* _Work request_
Output the exact lines that start at the one containing "2.3 s has passed since image 1." and continue to the last line of the entries below; do not output pictures.

* _Records contained in a dataset_

────

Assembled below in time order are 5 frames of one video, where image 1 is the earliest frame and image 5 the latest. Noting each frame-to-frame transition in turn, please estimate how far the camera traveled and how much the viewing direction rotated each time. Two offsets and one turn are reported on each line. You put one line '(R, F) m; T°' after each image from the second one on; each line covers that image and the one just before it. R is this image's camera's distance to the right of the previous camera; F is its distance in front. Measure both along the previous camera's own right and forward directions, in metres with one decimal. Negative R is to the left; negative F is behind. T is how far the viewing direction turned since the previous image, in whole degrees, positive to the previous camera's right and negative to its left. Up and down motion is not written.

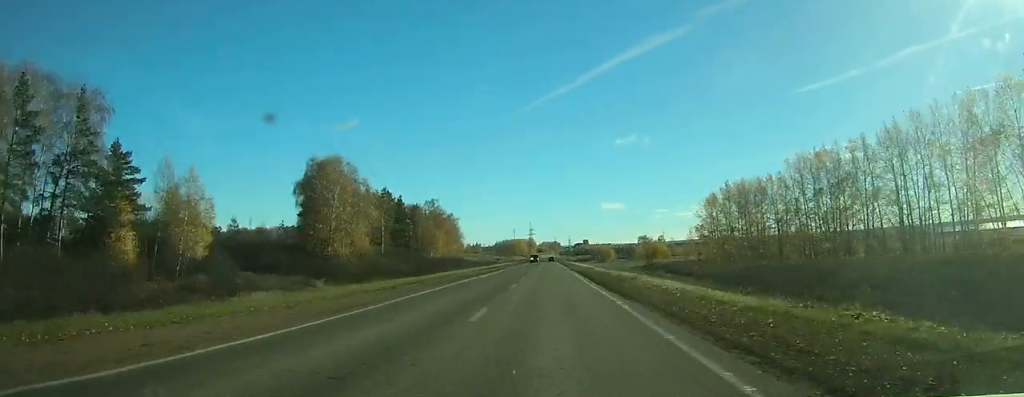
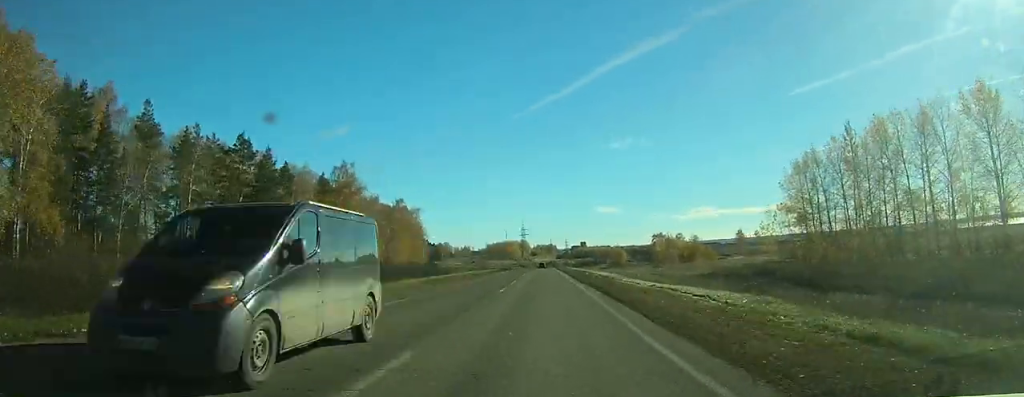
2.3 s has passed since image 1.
(-0.1, +71.0) m; 0°
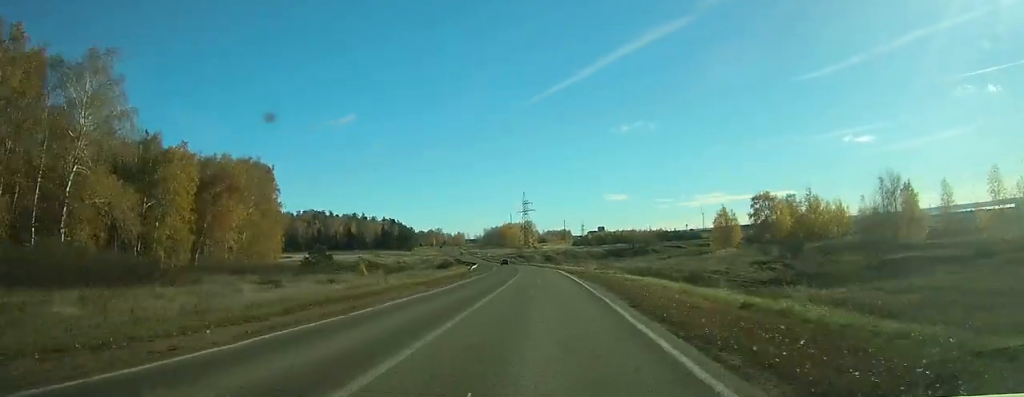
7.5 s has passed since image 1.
(-0.9, +157.1) m; -1°
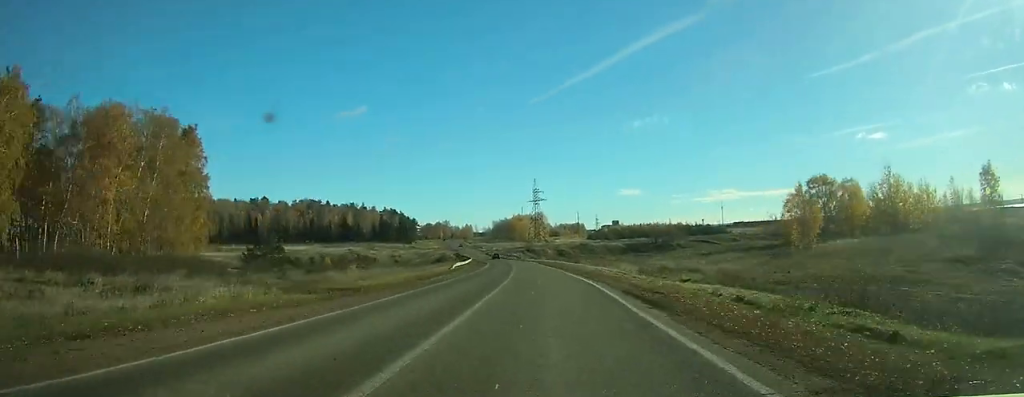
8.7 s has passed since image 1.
(-0.2, +31.9) m; -1°
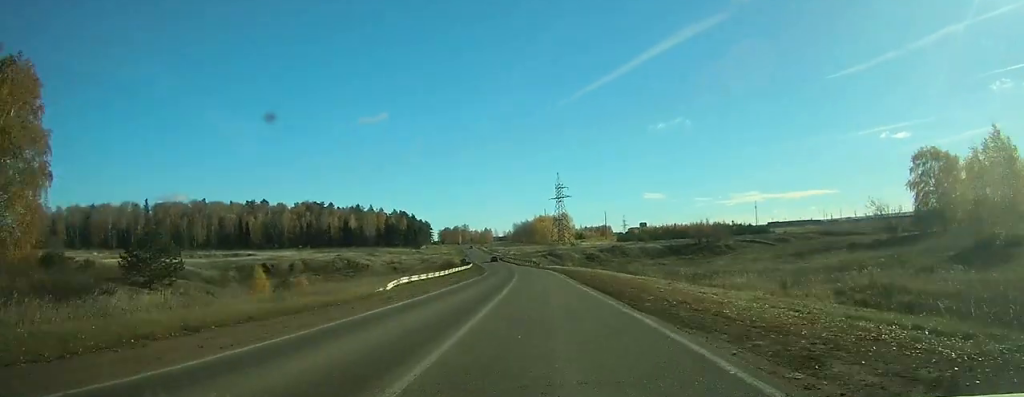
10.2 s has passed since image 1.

────

* _Solution to this task_
2.3 s has passed since image 1.
(-0.1, +71.0) m; 0°
7.5 s has passed since image 1.
(-0.9, +157.1) m; -1°
8.7 s has passed since image 1.
(-0.2, +31.9) m; -1°
10.2 s has passed since image 1.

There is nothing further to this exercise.